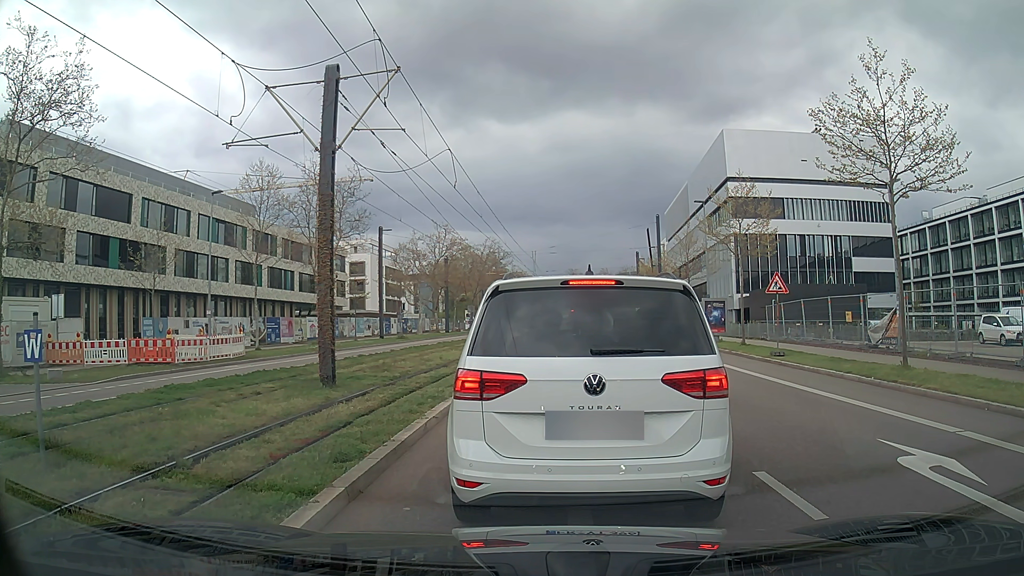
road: secondary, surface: asphalt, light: Day
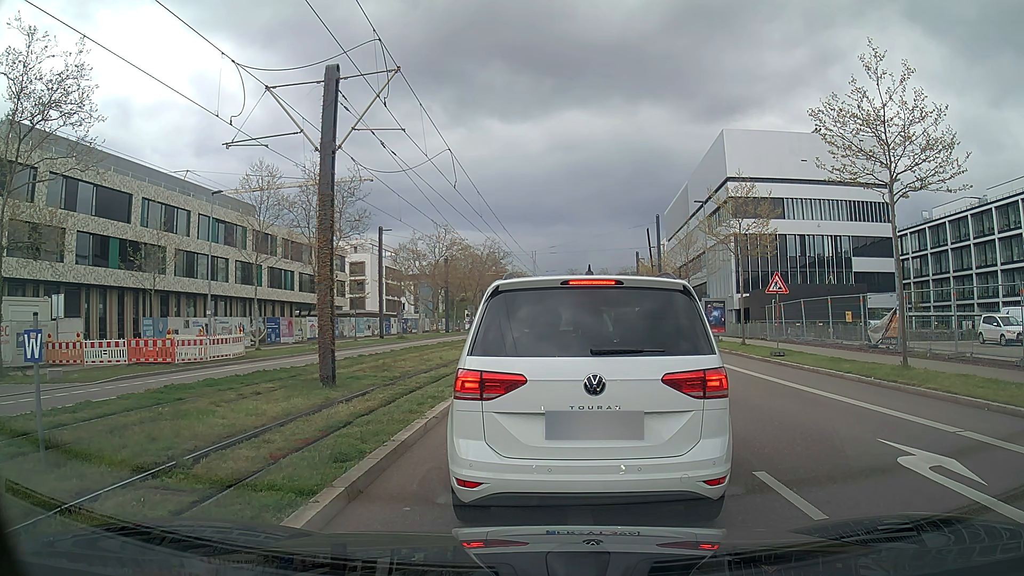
(0.0, 0.0) m; 0°
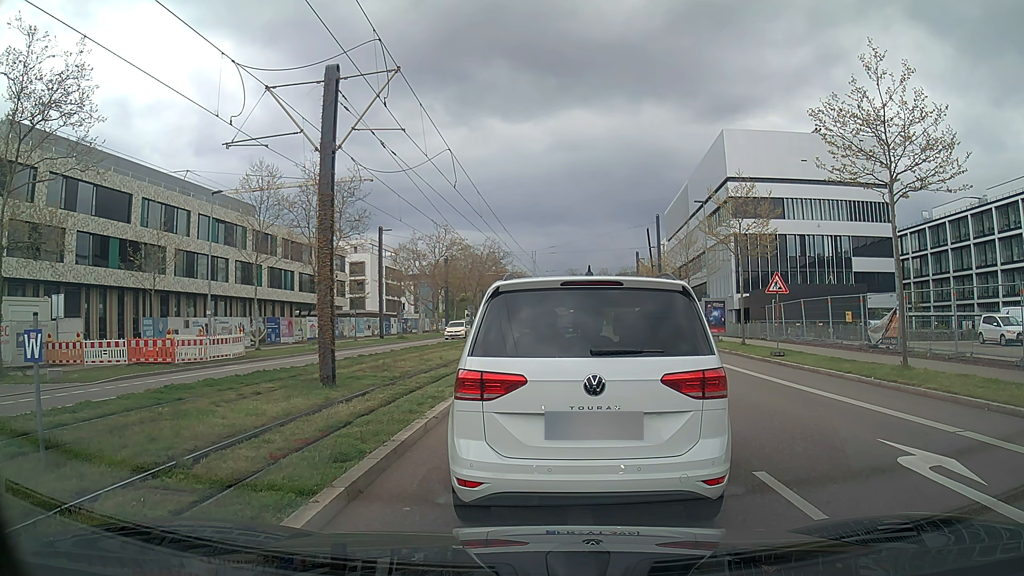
(0.0, 0.0) m; 0°
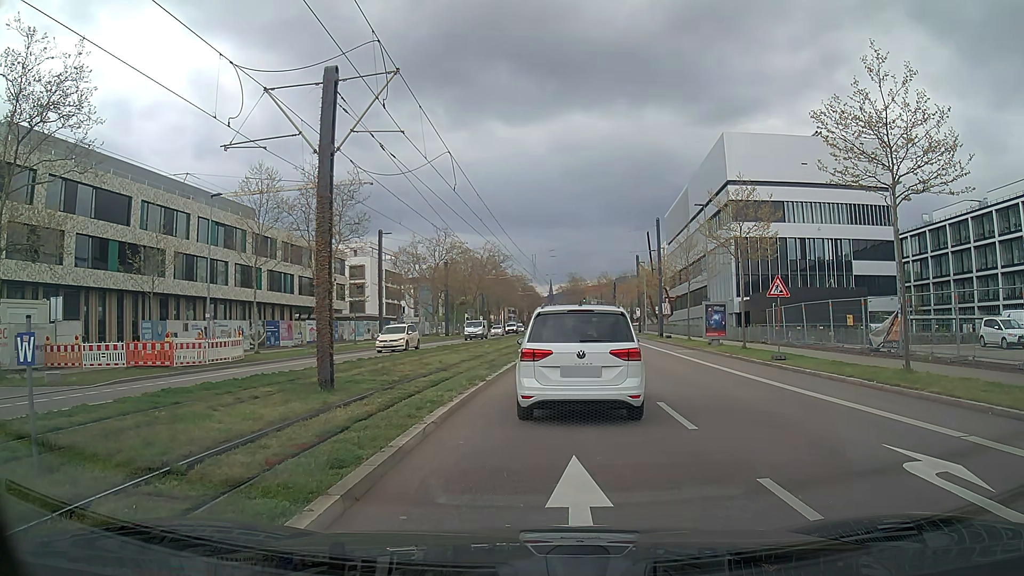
(0.0, +0.1) m; 0°
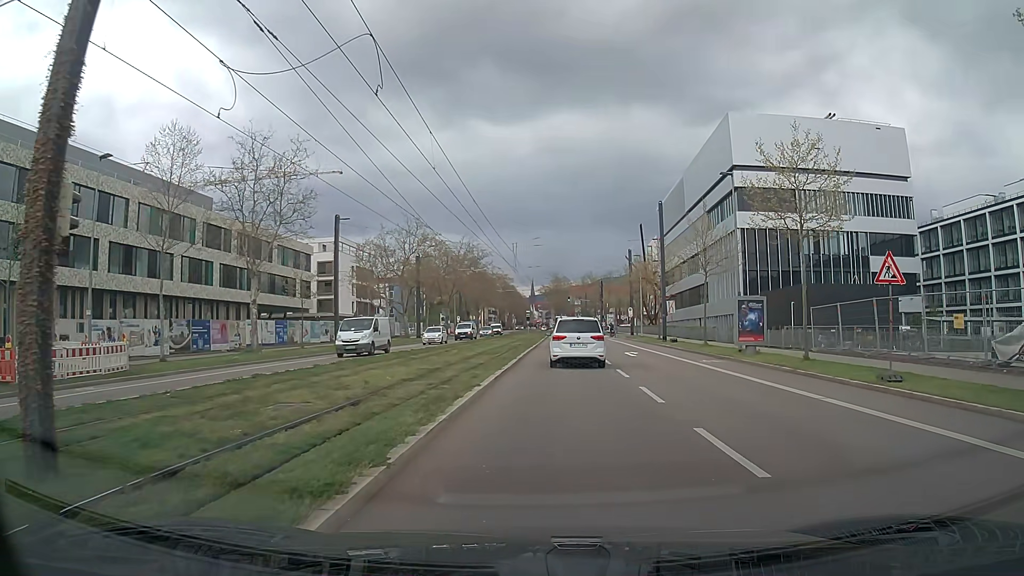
(+0.5, +9.5) m; +4°
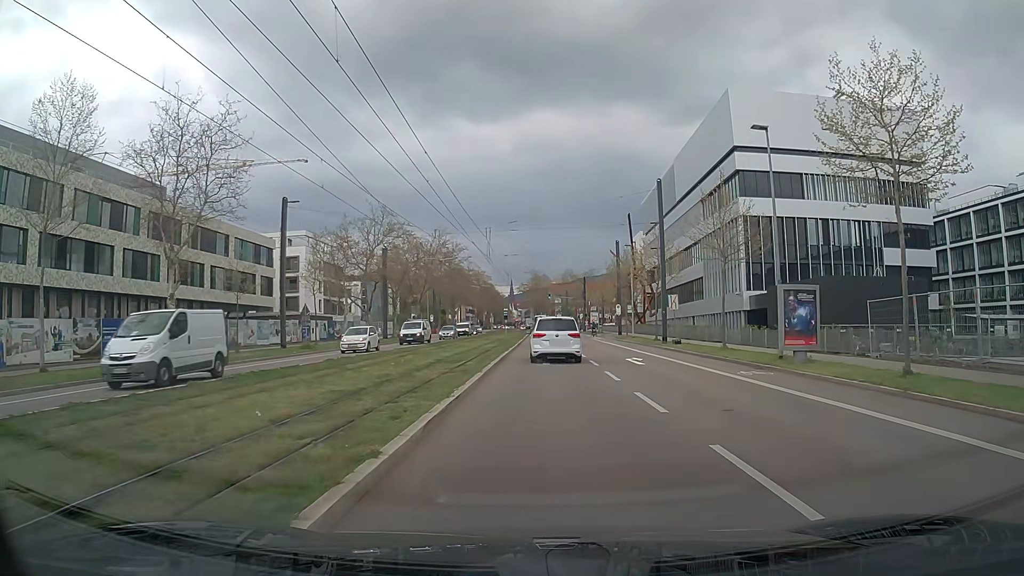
(+0.1, +7.8) m; +2°
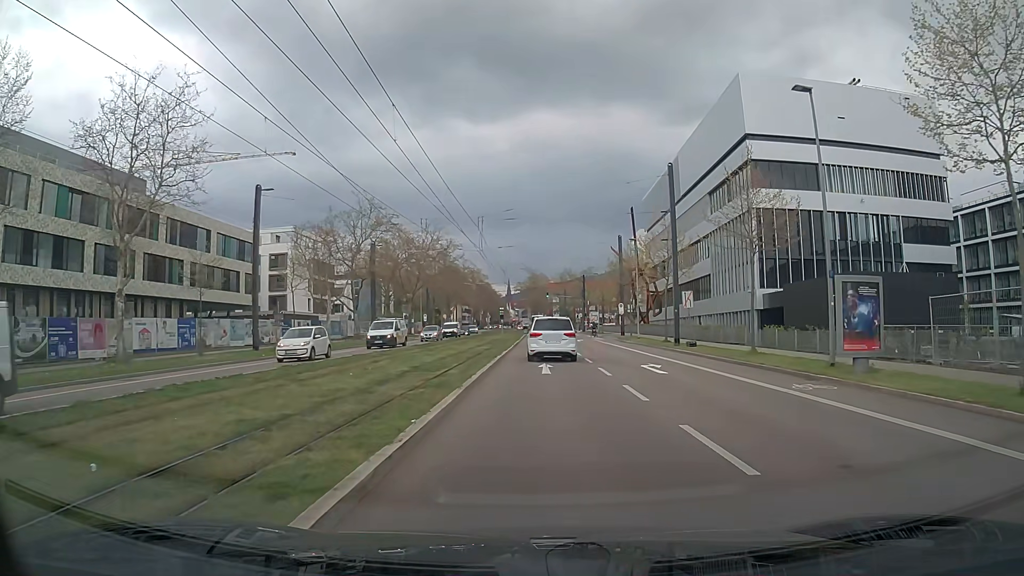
(0.0, +4.5) m; 0°
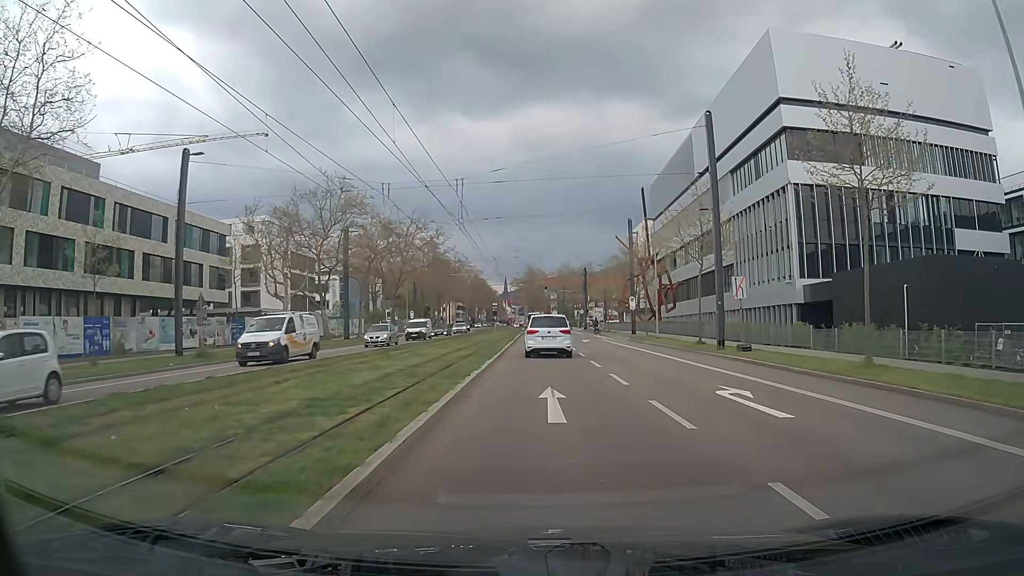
(0.0, +9.7) m; 0°
(0, +10) (0, +20) (0, +30) (0, +40) (0, +50) (0, +60) (+1, +70) (+1, +80) (+1, +90) (+1, +100) m

******************************

## Exercise goal
What you return must be the entries above, exactly as they appear, without any pictures.

## Expected answer
road: secondary, surface: asphalt, light: Day
(0.0, 0.0) m; 0°
(0.0, 0.0) m; 0°
(0.0, +0.1) m; 0°
(+0.5, +9.5) m; +4°
(+0.1, +7.8) m; +2°
(0.0, +4.5) m; 0°
(0.0, +9.7) m; 0°
(0, +10) (0, +20) (0, +30) (0, +40) (0, +50) (0, +60) (+1, +70) (+1, +80) (+1, +90) (+1, +100) m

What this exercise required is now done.